In this activity, choose a mystery number, but do not tell students the number. Show students a number line with two numbers that are at the endpoints and place a question mark on the mystery number’s location on the number line. Then, have students try to guess the mystery number. After each guess, record the number they guessed where it lies on the number line.

As with the other activities, the progressively gets more challenging as the year progresses. Plus, you can absolutely change the numbers to make the activity work with your students.

This is also particularly useful when teaching fractions and decimals. The activity provides students with the opportunity to think about the size and relative location of numbers.

# Error Analysis

I sporadically included error analysis problems into our weekly routine. In the error analysis problems, I included common errors in modeling solutions in work problems.

These are unique because the errors aren’t in the computation. The errors are in the representation of the problem. For example, in the problem below 32 divided by 8 does equal 4. However, the model does not represent the equation.

# Parts and Wholes

You can also teach number sense through parts and wholes, which is the basis to compose and decompose numbers. One great way to teach parts and wholes is through a target number activity. The purpose of the activity is to help students think about numbers in flexible ways by having them think about how the number can be represented, composed, and decomposed. In this activity, give students a number such as 100 and have students think of all the ways they can make 100. As students develop an understanding of the routine, add constraints such as using three addends or only with multiplication and division.
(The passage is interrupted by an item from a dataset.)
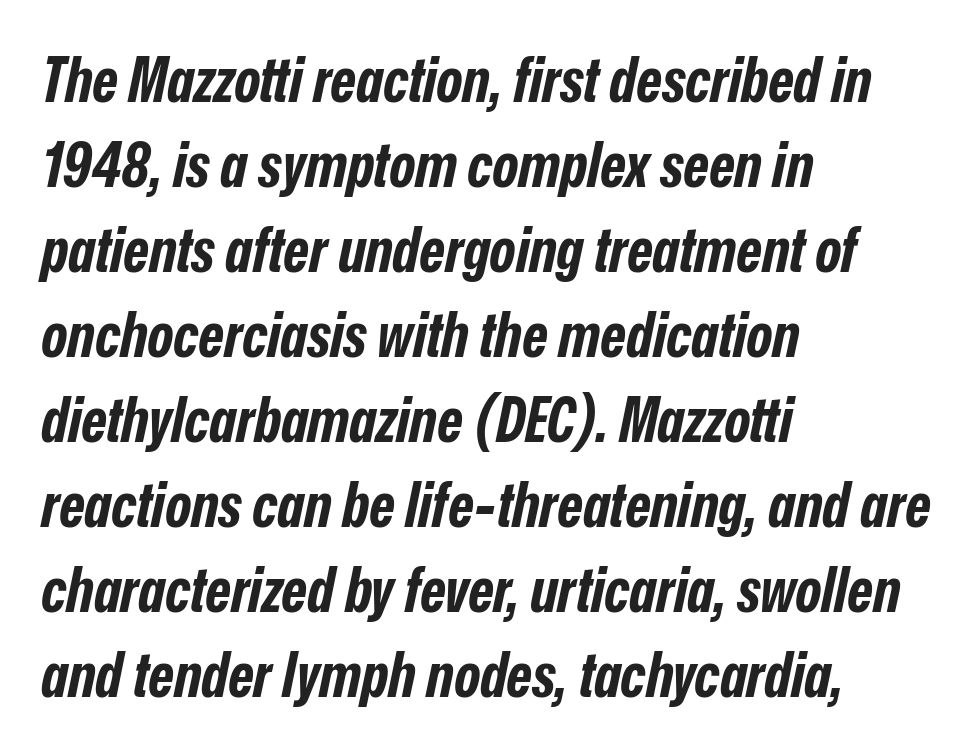
The passage shown stacks its lines at a standard gap. In terms of posture, this sample is oblique. Varying glyph widths throughout — classic text-font behaviour. The foot of each line stays bare and open.

As students become more proficient, they may decompose numbers into expanded notation or unit fractions. Doing these activities may allow you to see incorrect generalizations that can be addressed and retaught correctly. For example, many students try to use the commutative property of addition with subtraction. This will allow you to see what math concepts need extra time and what skills to address with students.
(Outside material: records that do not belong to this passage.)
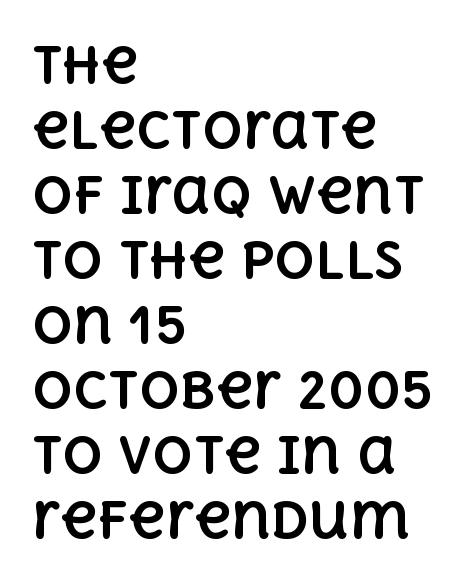
Q: Is the text bold? A: Yes.
Q: Is the text italic (slanted)? A: No, it is upright.
Q: Is the text underlined? A: No.
Q: How is the paragraph aligned? A: Left-aligned.
Q: Is the spacing between letters normal or unusually wide? A: Normal.
Q: Is the spacing between lines tight, normal or loose? A: Normal.
Q: Width (condensed, normal, or wide)? A: Normal.
Q: x-height? A: Large.
Q: Monospaced? A: No.

This is an activity where you do not need any special resources or materials. I ask the question on my whiteboard, and my students write on their personal white boards or a sheet of notebook paper. As we discuss the problem, I do have some students write their responses on the whiteboard.

I have created a YEAR’s worth of math warm-up activities to make this easier to implement. I love this because it’s all digital which saves me SO MUCH time! Of course, we all want to tailor our instruction to our students’ needs, so I’ve made the resource editable. You can click here for a FREE week!

Heather Miederhoff says

I love this idea. There can I find this resource? The quick images make so much sense.

Thank you

Ashleigh says

I forgot to add the link! You can refresh it, and it should be there.

Heather Miederhoff says

Do you use each of these daily or do you choose one each morning to do?